烟粉虱CRISPR/Cas9系统的建立及其在BtTRP基因温度耐受性功能验证中的应用

doi:10.16409/j.cnki.2095-039x.2018.02.012

中国生物防治学报 ›› 2018, Vol. 34 ›› Issue (2): 254-258.DOI: 10.16409/j.cnki.2095-039x.2018.02.012

烟粉虱CRISPR/Cas9系统的建立及其在BtTRP基因温度耐受性功能验证中的应用

王原¹, 吕志创², 万方浩^1,2,3

1. 青岛农业大学农学与植物保护学院, 青岛 266109;
2. 中国农业科学院植物保护研究所/植物病虫害生物学国家重点实验室, 北京 100193;
3. 农业部外来入侵生物预防与控制研究中心, 北京 100193

收稿日期:2017-06-07 出版日期:2018-04-08 发布日期:2018-04-13
通讯作者: 万方浩,研究员,E-mail:wanfanghao@caas.cn。
作者简介:王原,硕士,E-mail:1486331498@qq.com
基金资助:
国家自然科学基金（31100269）；国家重点研发计划（2016YFC1200603）；山东省“泰山学者”建设工程专项经费；公益性行业（环保）科研专项（201409061）

The Establishment of the CRISPR/Cas9 System in Bemisia tabaci and the Application in the Identification of Temperature Tolerance Function of Transient Receptor Potential Gene

WANG Yuan¹, LÜ Zhichuang², WAN Fanghao^1,2,3

1. College of Agriculture and Plant Protection, Qingdao Agricultural University, Qingdao 266109, China;
2. State Key Laboratory for Biology of Plant Diseases and Insect Pests/Institute of Plant Protection, Chinese Academy of Agricultural Sciences, Beijing 100193, China;
3. Center for Management of Invasive Alien Species Ministry of Agricultulture, Beijing 100193, China

Received:2017-06-07 Online:2018-04-08 Published:2018-04-13

摘要/Abstract

摘要： 烟粉虱之所以能在全世界范围内迅速扩散并成为重要害虫，其关键因素之一就是对温度变化的抵抗力很强。随着环境的变化，动物体中的很多细胞表面受体和离子通道感受器都会做出相应的反应，影响动物的行为。其中，昆虫对外界环境温度的感知就与瞬时感受器阳离子通道（transient receptor potential，TRP）有关。本研究探索了一种简单高效的试验方法，即通过CRISPR/cas9系统来诱导烟粉虱的基因突变，探究烟粉虱BtTRP基因在温度感受方面的功能。文中阐述了向烟粉虱MED隐种红眼期伪蛹注射BtTRP靶基因sgRNA和Cas9 mRNA，高效诱导靶标基因发生突变并进行高温和低温胁迫试验，进而检测其击倒和恢复时间。结果表明，注射后的烟粉虱对外界温度变化敏感度显著下降，从而不能进行温度适应性调节，导致对高低温环境的耐受性均有明显下降。
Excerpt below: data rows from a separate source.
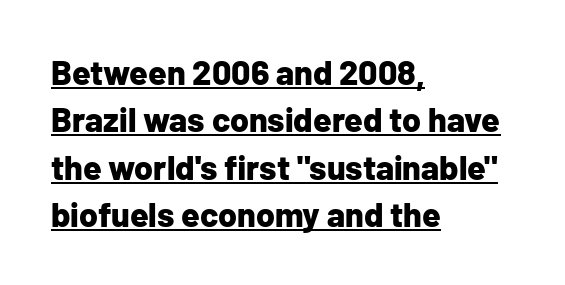
Q: Is the text bold? A: Yes.
Q: Is the text italic (slanted)? A: No, it is upright.
Q: Is the typeface a serif or a sans-serif typeface? A: Sans-serif.
Q: Is the text underlined? A: Yes.
Q: How is the paragraph aligned? A: Left-aligned.
Q: Is the spacing between letters normal or unusually wide? A: Normal.
Q: Is the spacing between lines tight, normal or loose? A: Normal.
Q: Width (condensed, normal, or wide)? A: Normal.
Q: Stroke contrast? A: Low.
Q: x-height? A: Medium.
Q: Monospaced? A: No.
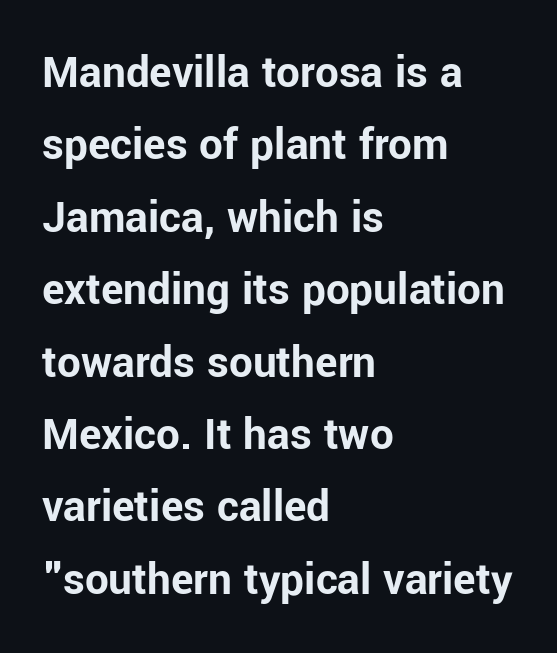
The image shows 47 px bold sans-serif type, upright; set left-aligned, normal line spacing (1.54x), normal letter spacing, not underlined; low stroke contrast and a medium x-height.
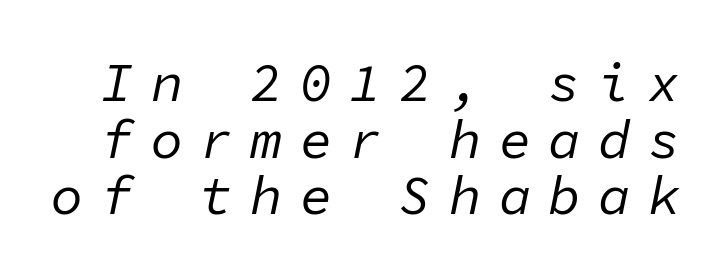
Think of a typewriter: that constant character pitch is what you see here. This rendering widens character spacing well past its baseline value. The typesetting does not lean heavy: it is not bold. If you drew a line through each stem, it would be angled. The space directly below the letters is spotless. The line-height multiplier appears low, near solid setting.
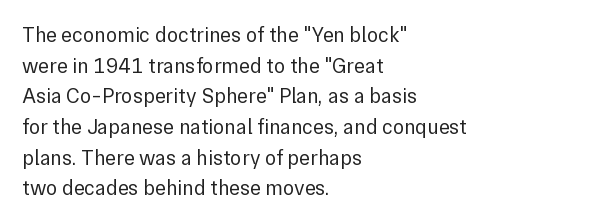
Q: Is the text bold? A: No.
Q: Is the text italic (slanted)? A: No, it is upright.
Q: Is the text underlined? A: No.
Q: How is the paragraph aligned? A: Left-aligned.
Q: Is the spacing between letters normal or unusually wide? A: Normal.
Q: Is the spacing between lines tight, normal or loose? A: Normal.
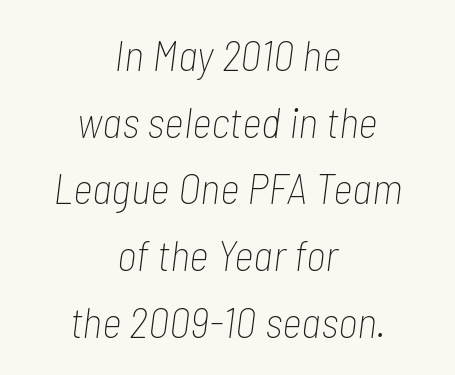
Q: Is the text bold? A: No.
Q: Is the text italic (slanted)? A: Yes, it leans right by about 7 degrees.
Q: Is the text underlined? A: No.
Q: How is the paragraph aligned? A: Centered.
Q: Is the spacing between letters normal or unusually wide? A: Normal.
Q: Is the spacing between lines tight, normal or loose? A: Normal.
Q: Width (condensed, normal, or wide)? A: Condensed.
Q: Stroke contrast? A: Low.
Q: x-height? A: Medium.
Q: Monospaced? A: No.
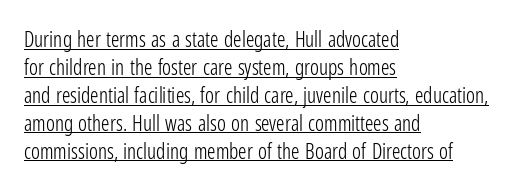
Q: Is the text bold? A: No.
Q: Is the text italic (slanted)? A: No, it is upright.
Q: Is the text underlined? A: Yes.
Q: How is the paragraph aligned? A: Left-aligned.
Q: Is the spacing between letters normal or unusually wide? A: Normal.
Q: Is the spacing between lines tight, normal or loose? A: Normal.
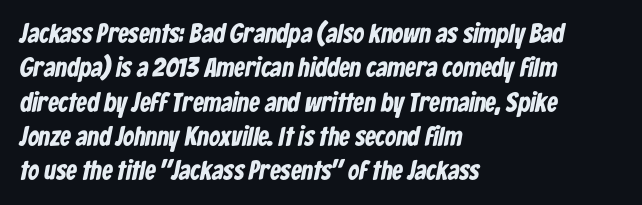
The image shows 27 px bold type; set left-aligned, normal line spacing (1.27x), normal letter spacing, not underlined.
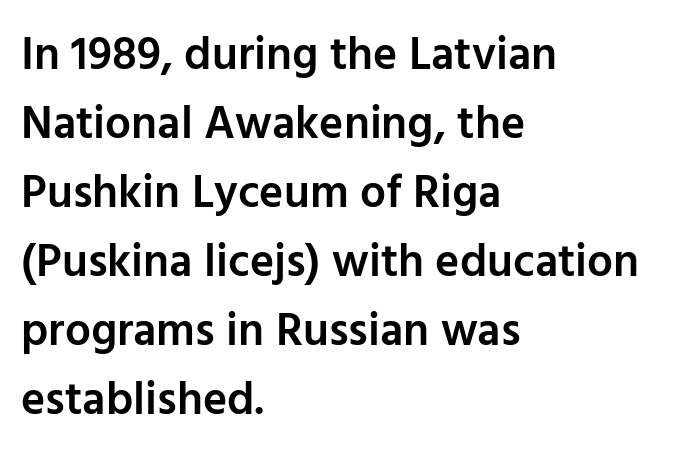
Q: Is the text bold? A: Semi-bold.
Q: Is the text italic (slanted)? A: No, it is upright.
Q: Is the typeface a serif or a sans-serif typeface? A: Sans-serif.
Q: Is the text underlined? A: No.
Q: How is the paragraph aligned? A: Left-aligned.
Q: Is the spacing between letters normal or unusually wide? A: Normal.
Q: Is the spacing between lines tight, normal or loose? A: Normal.
Q: Width (condensed, normal, or wide)? A: Normal.
Q: Stroke contrast? A: Low.
Q: x-height? A: Medium.
Q: Monospaced? A: No.
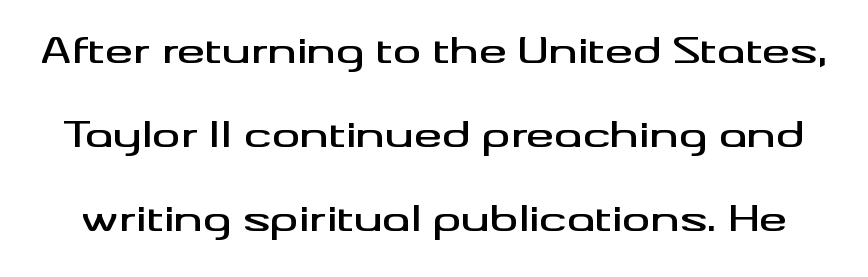
Is this a fixed-width face? No — the glyphs have proportional, varying widths. Students, note that the glyphs here touch the page at normal intervals. Descenders are the only things crossing below the line. Vertical strokes here are truly vertical. Widely set lines give the paragraph a tall, airy silhouette.
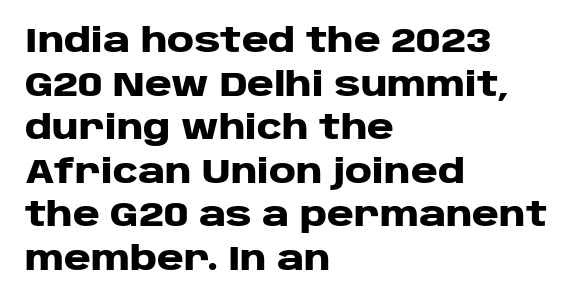
Evenly set lines give the paragraph a standard silhouette. Varying glyph widths throughout — classic text-font behaviour. Horizontal alignment here is leftward, the default for most running prose. Words float on clear page, feet unadorned. These lines carry a lot of weight — the face is fully bold. This sample uses plain, unmodified letter spacing.
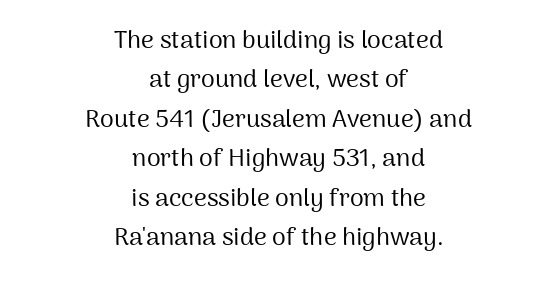
The image shows 25 px text type, upright; set centered, normal line spacing (1.58x), normal letter spacing, not underlined.
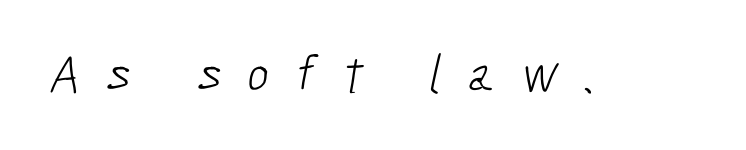
The image shows 53 px light, condensed sans-serif type; set unusually wide letter spacing (+0.48 em), not underlined; low stroke contrast and a medium x-height.
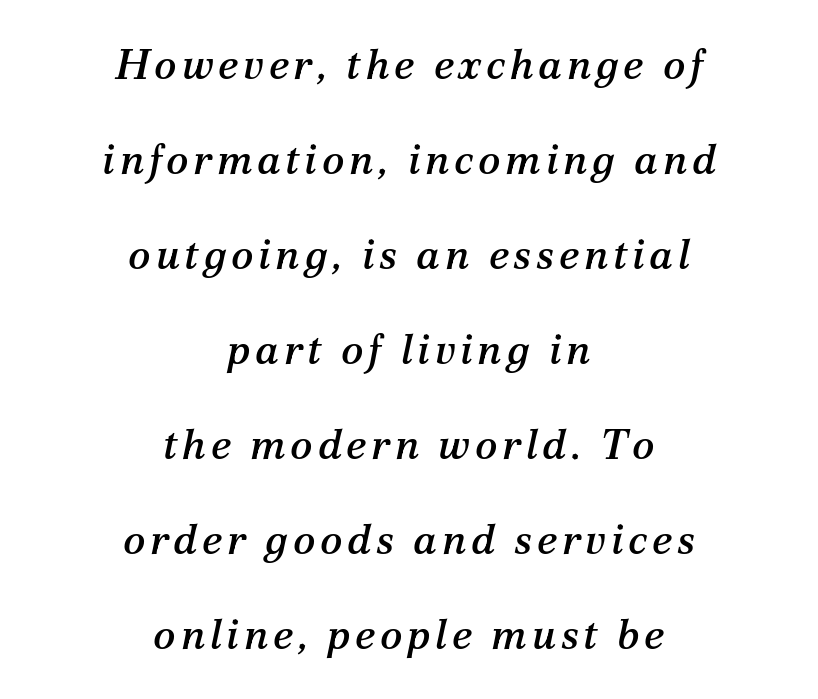
{"serif": "yes", "italic": "yes", "lean": "right", "slant_degrees": 12, "width": "normal", "stroke_contrast": "medium", "x_height": "medium", "monospaced": "no", "underline": "no", "align": "center", "line_spacing": "loose", "line_spacing_ratio": 2.26, "glyph_px": 42}
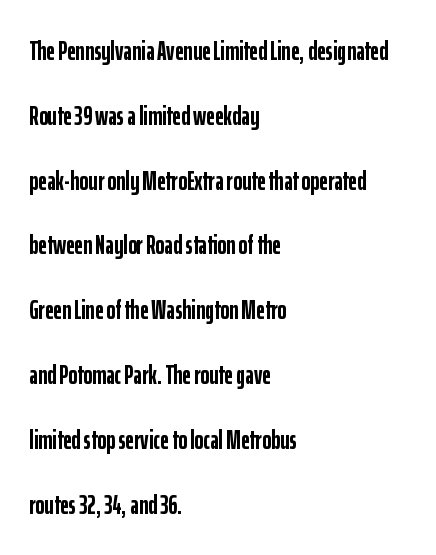
Q: Is the text bold? A: Yes.
Q: Is the text italic (slanted)? A: No, it is upright.
Q: Is the text underlined? A: No.
Q: How is the paragraph aligned? A: Left-aligned.
Q: Is the spacing between letters normal or unusually wide? A: Normal.
Q: Is the spacing between lines tight, normal or loose? A: Loose.
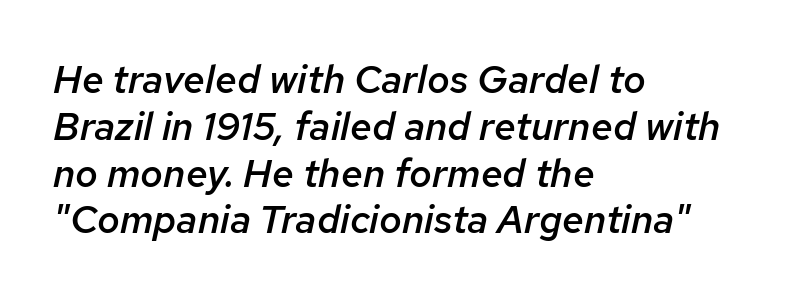
The image shows 39 px semibold type, italic (leaning right); set left-aligned, line spacing 1.2x, normal letter spacing, not underlined; low stroke contrast and a medium x-height.
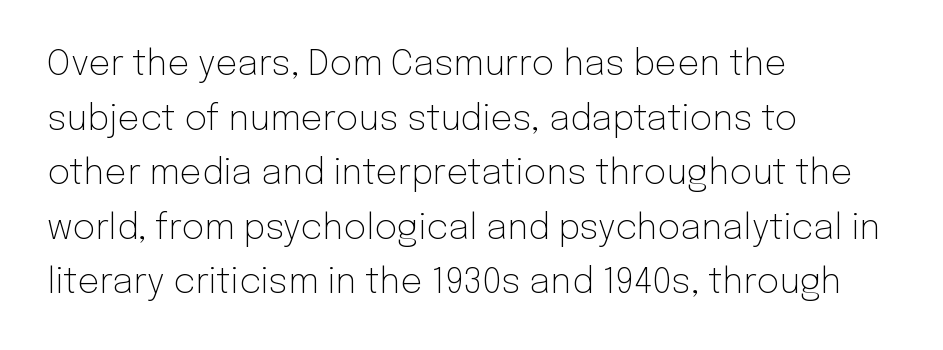
The image shows 35 px light sans-serif type, upright; set left-aligned, normal line spacing (1.56x), normal letter spacing, not underlined; low stroke contrast and a medium x-height.
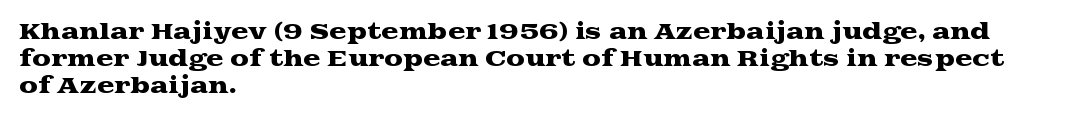
{"italic": "no", "underline": "no", "align": "left", "line_spacing": "normal", "line_spacing_ratio": 1.28, "letter_spacing": "normal", "letter_spacing_em": 0.0, "glyph_px": 21}
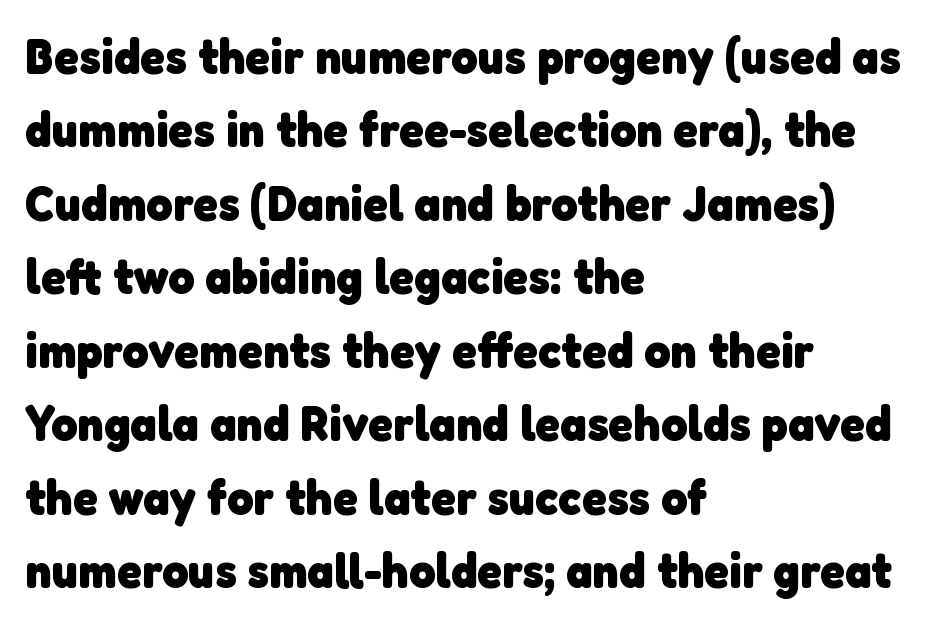
{"serif": "no", "bold": "yes", "weight": "heavy", "width": "normal", "stroke_contrast": "low", "x_height": "medium", "monospaced": "no", "underline": "no", "align": "left", "line_spacing": "normal", "line_spacing_ratio": 1.47, "letter_spacing": "normal", "letter_spacing_em": 0.0, "glyph_px": 50}
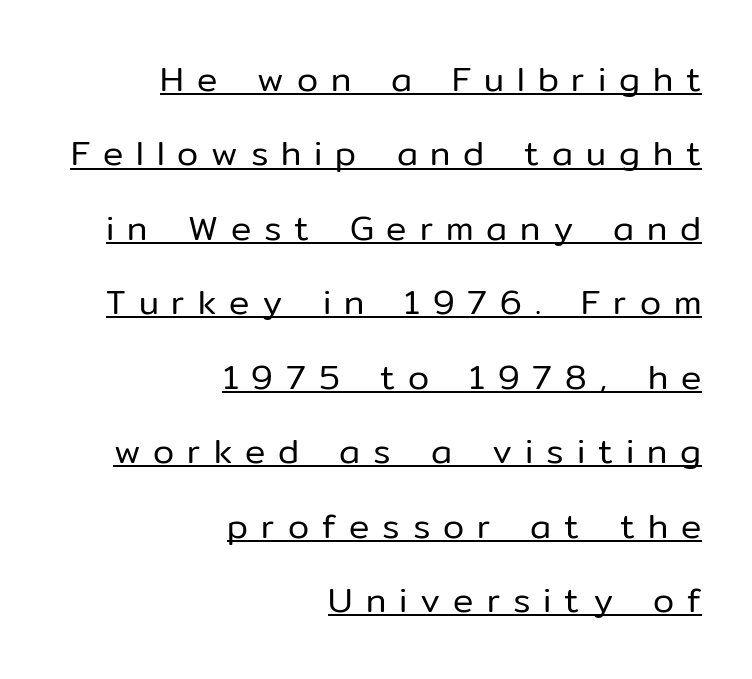
The image shows 34 px regular-weight sans-serif type, upright; set right-aligned, loose line spacing (2.19x), unusually wide letter spacing (+0.38 em), underlined; low stroke contrast and a medium x-height.

关键词: 烟粉虱MED隐种, 基因突变, 温度感受, TRP基因

Abstract: Whiteflies could quickly spread around the world and become the important pests, and one of the main reasons is its strong resistance to the temperature change. As the change of environment, a lot of cell surface receptors and ion channels in the body could be stimulated, then affected the animal's behavior. Among them, the transient receptor potential (TRP) is a key regulation factor in the insect perception of the environment temperature. This research mainly explored a simple and highly effective method, generating and detecting mutations of TRP gene in Bemisia. tabaci through CRISPR/cas9 system, to identify the function of TRP gene in temperature feeling of B. tabaci Here, we expounded the experimental process of injecting sgRNA in red eye phase pupa of B. tabaci MED, being induced highly efficient mutagenesis of desired target genes, and detected statistical time of heat knockdown or chill coma recovery. The result showed that the sensitivity of the temperature change of injected B. tabaci MED declined significantly, and couldn't adjust temperature adaptability, leading to the decrease of temperature tolerance under hot or cold stress environments.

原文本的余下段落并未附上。